250 v=ci(i1):ic(v)=i2:ci(i2)=v:ci(i1)=-1:return
Limitations
defrag1541 is not meant as a serious tool. Nevertheless, here are some limitations and ideas for improvement:
- The algorithm for the desired allocation was chosen for its looks, not to make disks actually faster.
- Optionally, the algorithm could also place data blocks on track 18. That would give the user 17 more blocks on the disk.
- That said, disks that currently have data blocks on track 18 can't get defragmented with the current algorithm. It avoids track 18 and will run out of space.
- The current code does not test for read errors at all.
- We also do not update BAM ourselves and rely on the operating system doing it at the end. While the code is written so that interrupting the process at any point will not lead to data loss, it is important to run the VALIDATE command at the end if data should ever be written to the disk again.
- Of course it could be much faster. A lot of this is CPU bound, because BASIC is so slow. Rewriting everything in assembly would help. Some parts of the code could also directly run inside the disk drive. I doubt the complete data structures would ever fit into the 1541's 2 KB of RAM, so defragmentation can't completely run on the disk drive, but major parts of the logic could still live there, to minimize the lag introduced by communication between the computer and the drive.

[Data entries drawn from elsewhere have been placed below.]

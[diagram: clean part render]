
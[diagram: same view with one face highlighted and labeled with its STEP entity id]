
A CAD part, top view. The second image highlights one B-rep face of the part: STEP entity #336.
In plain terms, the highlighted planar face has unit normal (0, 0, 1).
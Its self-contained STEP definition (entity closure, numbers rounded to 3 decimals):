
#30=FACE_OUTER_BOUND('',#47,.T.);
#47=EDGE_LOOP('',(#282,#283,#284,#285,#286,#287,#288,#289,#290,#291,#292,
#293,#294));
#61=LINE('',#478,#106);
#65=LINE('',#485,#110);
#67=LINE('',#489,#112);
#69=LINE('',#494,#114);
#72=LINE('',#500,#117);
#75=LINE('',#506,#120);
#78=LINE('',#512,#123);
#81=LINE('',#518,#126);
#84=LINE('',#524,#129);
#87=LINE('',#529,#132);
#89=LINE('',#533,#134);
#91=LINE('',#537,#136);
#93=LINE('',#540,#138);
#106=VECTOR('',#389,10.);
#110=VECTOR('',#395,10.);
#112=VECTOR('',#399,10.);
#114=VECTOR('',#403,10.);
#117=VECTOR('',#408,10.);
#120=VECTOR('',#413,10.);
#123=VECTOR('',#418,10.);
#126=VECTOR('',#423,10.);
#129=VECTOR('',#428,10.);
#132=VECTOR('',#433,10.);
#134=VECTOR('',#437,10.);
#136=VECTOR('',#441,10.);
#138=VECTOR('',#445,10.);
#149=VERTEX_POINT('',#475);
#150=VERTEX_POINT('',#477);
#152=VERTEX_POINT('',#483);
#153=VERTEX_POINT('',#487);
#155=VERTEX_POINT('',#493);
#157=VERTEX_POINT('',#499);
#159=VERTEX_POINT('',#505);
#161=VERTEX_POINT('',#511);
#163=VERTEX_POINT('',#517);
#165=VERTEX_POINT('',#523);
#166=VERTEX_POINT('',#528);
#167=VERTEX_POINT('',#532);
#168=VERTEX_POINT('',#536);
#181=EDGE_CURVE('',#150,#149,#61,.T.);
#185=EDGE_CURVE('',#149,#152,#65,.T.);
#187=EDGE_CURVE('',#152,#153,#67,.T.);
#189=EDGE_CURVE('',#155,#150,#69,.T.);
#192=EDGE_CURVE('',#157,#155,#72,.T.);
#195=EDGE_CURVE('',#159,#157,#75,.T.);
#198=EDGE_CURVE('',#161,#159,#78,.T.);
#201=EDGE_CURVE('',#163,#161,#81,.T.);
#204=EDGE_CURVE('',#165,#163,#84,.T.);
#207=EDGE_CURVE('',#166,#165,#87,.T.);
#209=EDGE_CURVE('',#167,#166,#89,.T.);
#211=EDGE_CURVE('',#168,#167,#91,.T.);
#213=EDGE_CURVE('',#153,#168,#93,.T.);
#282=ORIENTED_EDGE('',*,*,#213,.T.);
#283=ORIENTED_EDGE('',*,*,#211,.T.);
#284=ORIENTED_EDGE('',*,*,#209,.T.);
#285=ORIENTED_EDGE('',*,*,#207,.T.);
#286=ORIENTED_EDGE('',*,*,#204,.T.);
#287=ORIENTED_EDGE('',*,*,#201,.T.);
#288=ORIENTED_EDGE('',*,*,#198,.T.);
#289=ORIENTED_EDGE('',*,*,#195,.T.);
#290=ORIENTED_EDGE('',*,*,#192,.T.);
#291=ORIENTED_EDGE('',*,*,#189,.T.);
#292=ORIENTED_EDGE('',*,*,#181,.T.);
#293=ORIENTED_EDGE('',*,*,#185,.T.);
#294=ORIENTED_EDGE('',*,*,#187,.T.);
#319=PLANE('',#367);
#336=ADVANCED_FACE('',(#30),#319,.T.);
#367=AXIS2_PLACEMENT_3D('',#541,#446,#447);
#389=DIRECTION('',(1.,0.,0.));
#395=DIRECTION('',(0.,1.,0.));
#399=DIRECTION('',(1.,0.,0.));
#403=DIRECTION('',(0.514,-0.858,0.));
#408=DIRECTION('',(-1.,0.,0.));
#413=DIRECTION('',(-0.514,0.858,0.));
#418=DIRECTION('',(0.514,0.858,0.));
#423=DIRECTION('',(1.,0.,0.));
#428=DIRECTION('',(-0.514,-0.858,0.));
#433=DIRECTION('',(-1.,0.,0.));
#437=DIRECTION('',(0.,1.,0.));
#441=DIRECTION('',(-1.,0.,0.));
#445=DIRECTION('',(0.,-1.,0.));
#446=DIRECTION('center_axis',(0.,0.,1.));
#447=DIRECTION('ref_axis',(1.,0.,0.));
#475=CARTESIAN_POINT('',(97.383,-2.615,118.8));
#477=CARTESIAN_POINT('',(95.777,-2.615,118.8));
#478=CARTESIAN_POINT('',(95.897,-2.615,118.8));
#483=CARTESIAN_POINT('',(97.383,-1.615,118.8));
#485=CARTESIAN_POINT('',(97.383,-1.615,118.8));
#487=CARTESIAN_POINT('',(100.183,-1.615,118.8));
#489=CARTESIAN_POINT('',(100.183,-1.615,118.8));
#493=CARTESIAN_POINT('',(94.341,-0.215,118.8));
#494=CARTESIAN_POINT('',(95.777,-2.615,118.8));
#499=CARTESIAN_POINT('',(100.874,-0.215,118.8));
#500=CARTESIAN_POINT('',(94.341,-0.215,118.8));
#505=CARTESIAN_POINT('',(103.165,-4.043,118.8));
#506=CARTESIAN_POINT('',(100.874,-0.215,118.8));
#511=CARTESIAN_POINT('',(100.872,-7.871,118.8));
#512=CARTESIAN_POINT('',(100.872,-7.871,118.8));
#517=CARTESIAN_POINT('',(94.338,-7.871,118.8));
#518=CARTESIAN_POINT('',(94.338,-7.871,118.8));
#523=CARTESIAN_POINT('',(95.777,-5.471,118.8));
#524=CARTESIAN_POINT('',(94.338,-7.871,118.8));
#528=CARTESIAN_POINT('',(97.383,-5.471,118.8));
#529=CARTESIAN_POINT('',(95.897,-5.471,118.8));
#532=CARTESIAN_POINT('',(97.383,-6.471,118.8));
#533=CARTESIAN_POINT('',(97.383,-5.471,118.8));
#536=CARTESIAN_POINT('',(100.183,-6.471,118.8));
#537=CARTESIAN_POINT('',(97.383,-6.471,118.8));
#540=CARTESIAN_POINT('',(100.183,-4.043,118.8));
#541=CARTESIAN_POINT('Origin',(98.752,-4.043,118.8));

the command you need to run at the end to rebuild the bam is “validate”, not “verify” ๐
just for giggles, i made the opposite of this program a while ago, so if you need a good starting point, screw up your disk image with it: https://csdb.dk/release/?id=111975
Whoops, fixed. Thanks.
1. Loading from 1541 disk is not fastest when loading sectors next to each other. Fastloaders usually prefer interleave of 8 or 10.
2. File search times is another issue. That’s why directory is stored on middle track 18 to make the way the head needs to move to the data track after reading the directory entry as short as possible.
This is no criticism about the tool itself. Using a disk over and over again with different files may lead to fragmentation. The optimization is just not fitting to how 1541 drives work.
Wonderful, I always wanted to watch defragmentizing C64-Blocks in realtime. However dude, that GIF. This abomination has 3000 Frames before my GIMP crashed. I get that IT-Experts suck at image-optimization, but man. 3000 FRAMES! INSANE! My guess is you videoscreened the output with the usual framerate of 20f/s and let it run for some Minutes or so. Due to the lack of colors and the spacing, the GIF-Compression was able to create the illusion of a smooth 5MB-GIF, which is way too big but who gives a fuck in Giphy/Instagram-Times am I rite. Thus, you created a monster. Here’s a pro-tipp: C64-Cursors blink 2 times per second and the defrag moves every second. Videoscreen this with 2 Frames per Second, you get the same result with a filesize of about 1MB and 100 Frames or so. You’re welcome ๐
sgnd
formerly C64-Coder and Graphic Designer
As noted, this will be slower on a 1541 than a non-defragmented disk due to the head not being in an optimal position to read consecutive sectors (the disk is moving). All that being said, it seems that it may be possible to optimize the algorithm for interleaving. Alter the algorithm so that the definition of defragmentation is not files stored in consecutive sectors, but rather a file stored in an optimally interleaved fashion, so that the chained sectors in a file may be read in the most efficient way.